Japan Is No Paradise For One Of Its Best Rappers

But Ritto, from Okinawa, is thriving in a complicated place.

January 22, 2015

Listen to a few songs from Ritto, and you'll notice his trademark ad-lib: Yakkeh! It's a local word in Okinawa that's a cross between "bad" and "awesome," and he uses it almost as often as Gucci Mane said burrr. "I don't really say it that often in normal life," Ritto admits, "but people love it at concerts. It's like an Okinawan pride thing."

Talking to him on Skype is like watching one of his music videos: no matter how serious the subject matter gets, somehow everyone in the room ends up laughing. Take, for example, "1.2.1.2.," embedded below. Visually, it's a day in the sun with Ritto and his buddies as they hang out on the beach and play soccer with baseball bats.

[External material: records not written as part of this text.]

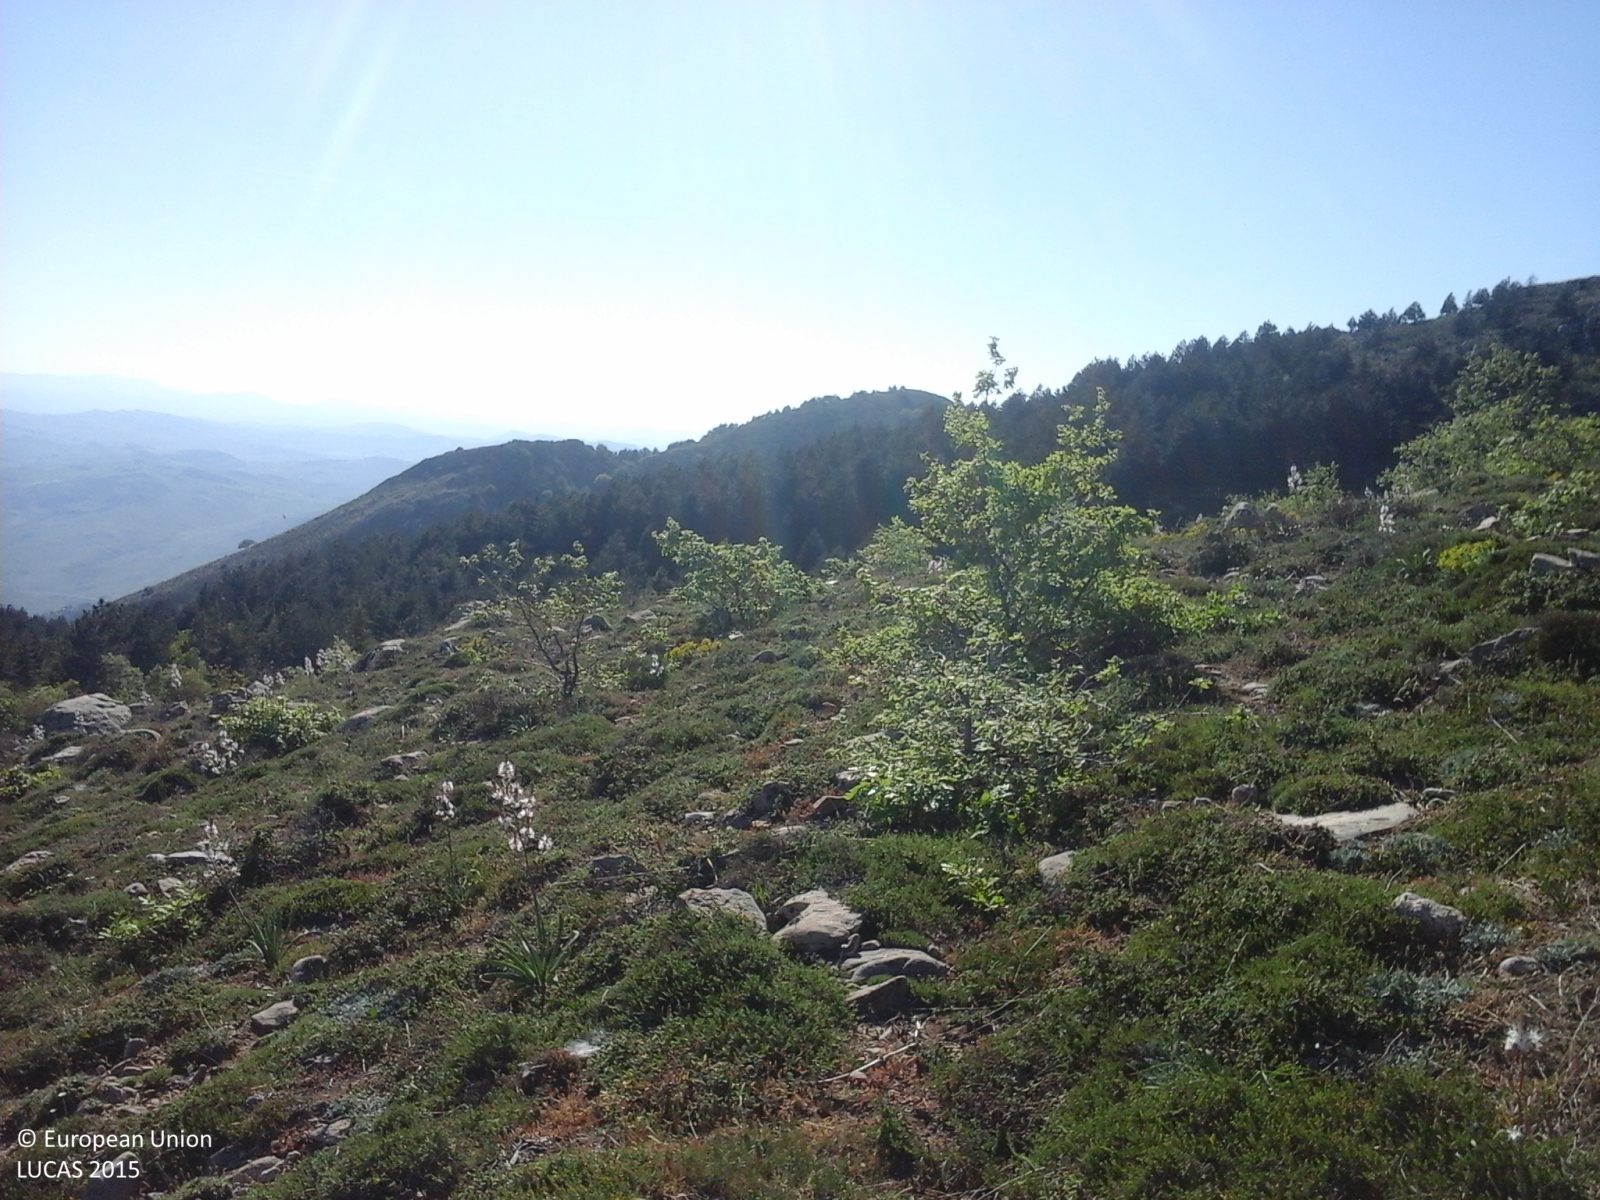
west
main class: Shrubland
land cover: Shrubland with sparse tree cover
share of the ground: > 75 %
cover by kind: shrubs 45 %, herbaceous plants 30 %, consolidated bare surface 15 %, broadleaved forest trees 5 %, unconsolidated bare surface 5 %
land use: Agriculture (excluding fallow land and kitchen gardens)
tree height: < 5 m
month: May
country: IT
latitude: 37.8248
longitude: 14.0497
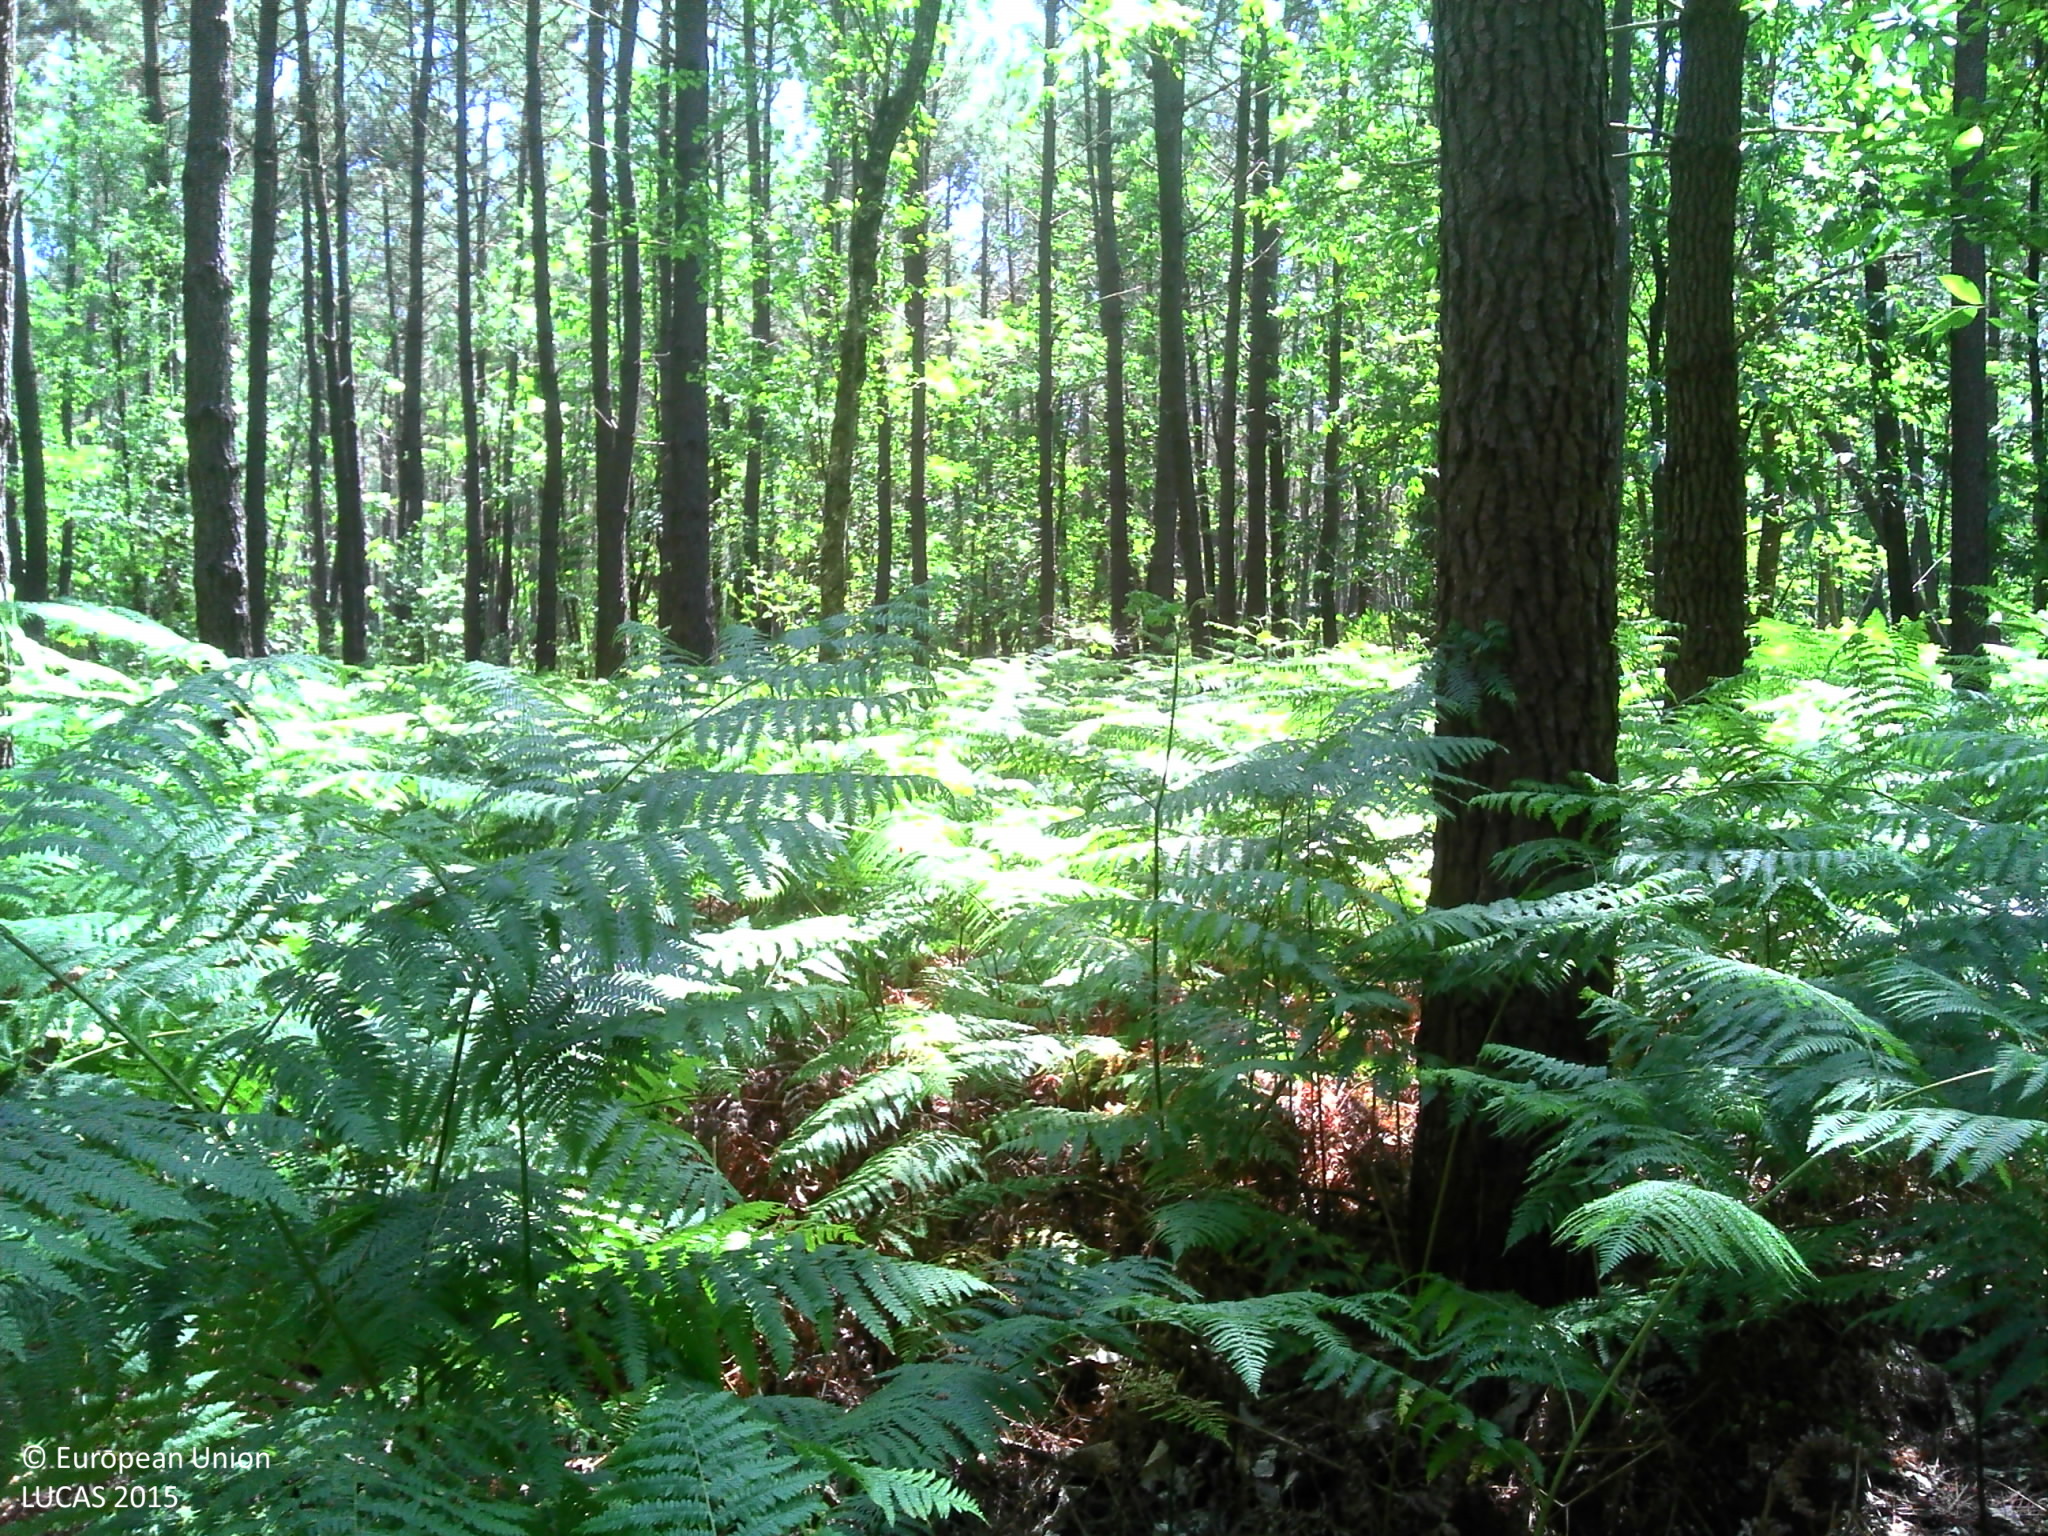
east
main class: Woodland
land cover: Pine dominated mixed woodland
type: hemiboreal forest and nemoral coniferous forest and mixed broadleaved-coniferous forest
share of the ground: > 75 %
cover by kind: coniferous forest trees 55 %, broadleaved forest trees 20 %, herbaceous plants 15 %, lichens and mosses 10 %
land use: Forestry
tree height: > 5 m
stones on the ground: < 10 %
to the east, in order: Pine dominated mixed woodland
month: June
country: FR
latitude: 47.3740
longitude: 0.0556
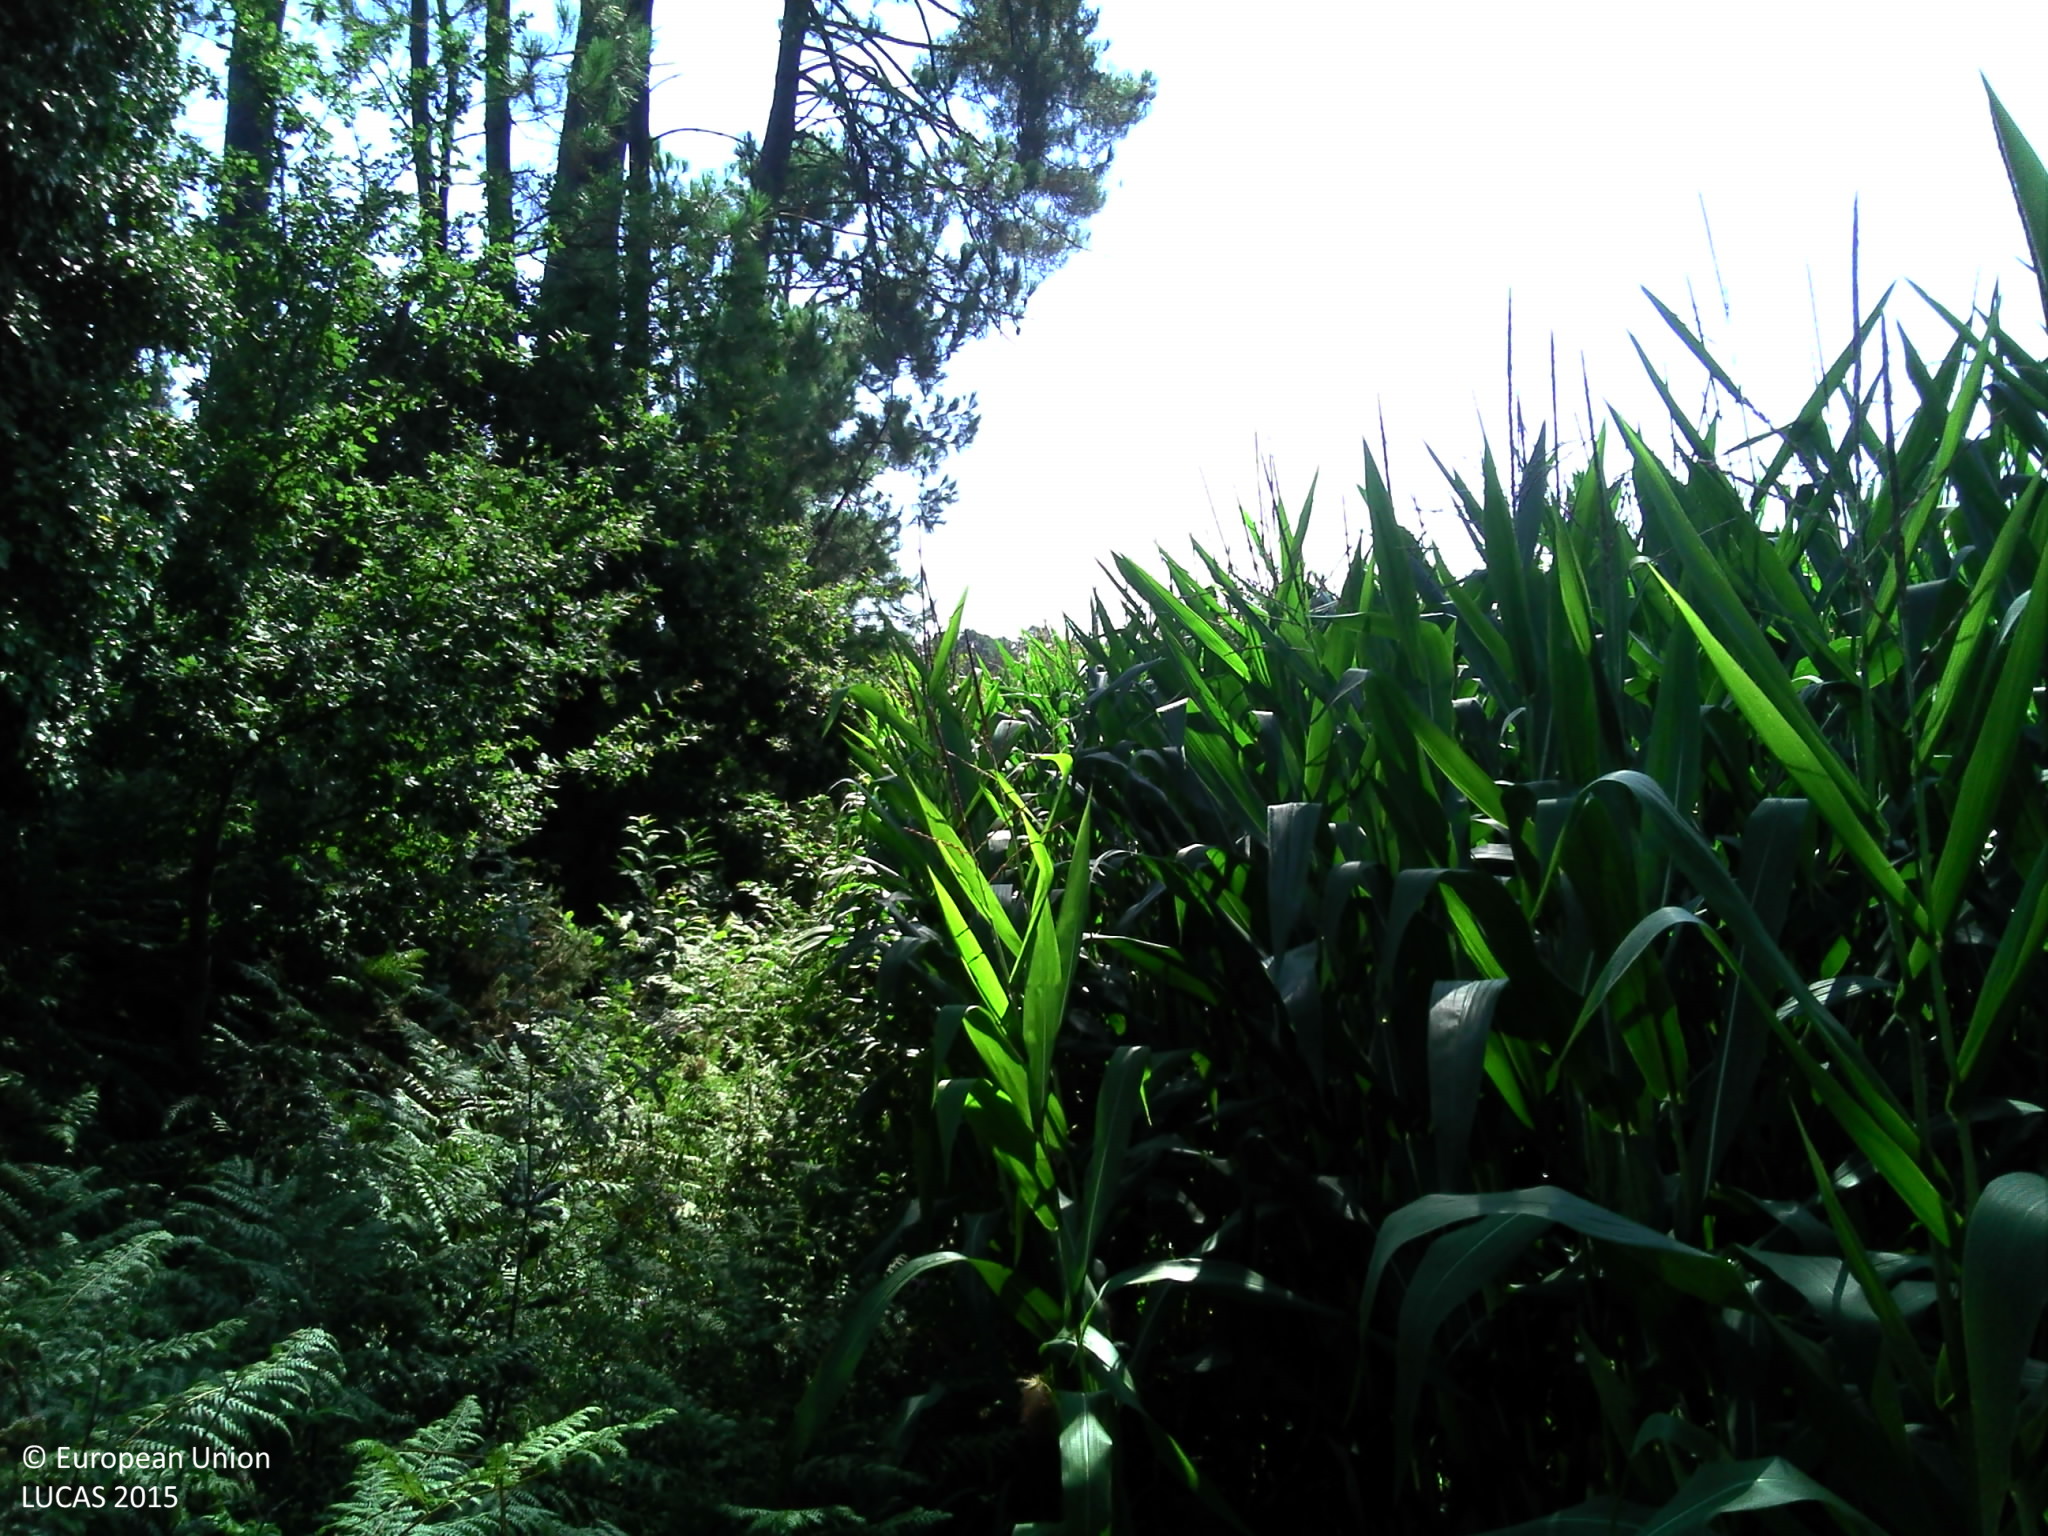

The beat, produced by Olive Oil, is ecstatic and just a little unhinged, sounding like a car alarm going off at a village festival. But lyrically, Ritto is railing at everyone from J-Pop groups like AKB48 to the mass media. He even throws in a shoutout to Taro Yamamoto, a former actor that, following the Fukushima Daiichi meltdown in 2011, lost his job after speaking out against nuclear reactors. "I kinda freaked out after I wrote that," Ritto admits. "I looked back at my lyrics, and I was like, 'Shit, can I say his name? Should we censor it?' But in the end, it felt right, so we kept it."

Another one of his tracks, "Miraininai," sums up the place he calls home: Once a kingdom, turned into a ghetto/ And now a resort. Okinawa is an archipelago about 500 miles south of mainland Japan; altogether, its hundreds of islands make up an area that's about one-twelfth the size of the state of Hawaii. Before Okinawa was annexed by Japan in the 19th century, it was a powerful trading kingdom in the Pacific, with people living there since the stone age. Today, it's a hub for tourists, and the poorest prefecture in Japan.

To most mainland Japanese, Okinawa is seen as a carefree island paradise, but life there is a life of fences. WWII changed everything: a quarter of its population died in a single battle—some due to U.S. gunfire, but many in forced suicides ordered by the Japanese military. Now, over 10 percent of the total land area is occupied by the US military, which is closed off to most Okinawans. Ritto knows what it is like to hear MV-22 Ospreys fly over an elementary school playground, or come home to news of a neighbor being sexually assaulted by U.S. military personnel. "It's something you're born into," he says. "Every rapper here in Okinawa has at least one song about that."

Ritto, who was named after the L.A. jazz guitarist Lee Ritenour, started writing lyrics after hearing Coolio's "Gangster's Paradise" in fifth grade. At 17, he started prowling around hip-hop clubs, looking for U.S. military personnel to battle. "Everyone else was rapping in English, but I don't speak any English at all, and they didn't know Japanese. But you can judge based on someone's flow, you know?"

Before debuting in 2006 and settling in with his label/crew Akazuchi, from whom he's released two LPs, Ritto spent a lot of time being angry. At Japanese "mainlanders," at the older generation of Okinawans, at America. The earthquake that devastated the Tohoku region in 2011 made him rethink things, though. "It's not just Okinawa—all of Japan has been struggling. My friend that used to live in New York told me that the U.S. military goes into the ghetto and pressures young black guys into signing up. They don't have any other choices. So then I realized, 'Damn, a lot of the military dudes, they've got it pretty bad too.'" He suddenly bursts into laughter, and adds, in English, "Fuckin' crazy, man!"

Later, he asks me a question of his own. "FADER is an American magazine, right?" I tell him it is. "Okay, make sure you get this," he says, pausing to pull out another cigarette. "Okinawa is not just a resort. I love it, but it's not paradise. It's hard sometimes. But we're not helpless." He smiles, and leans back in his chair. "We're out here, and we're surviving. We're strong. Make sure you tell them that." Yakkeh.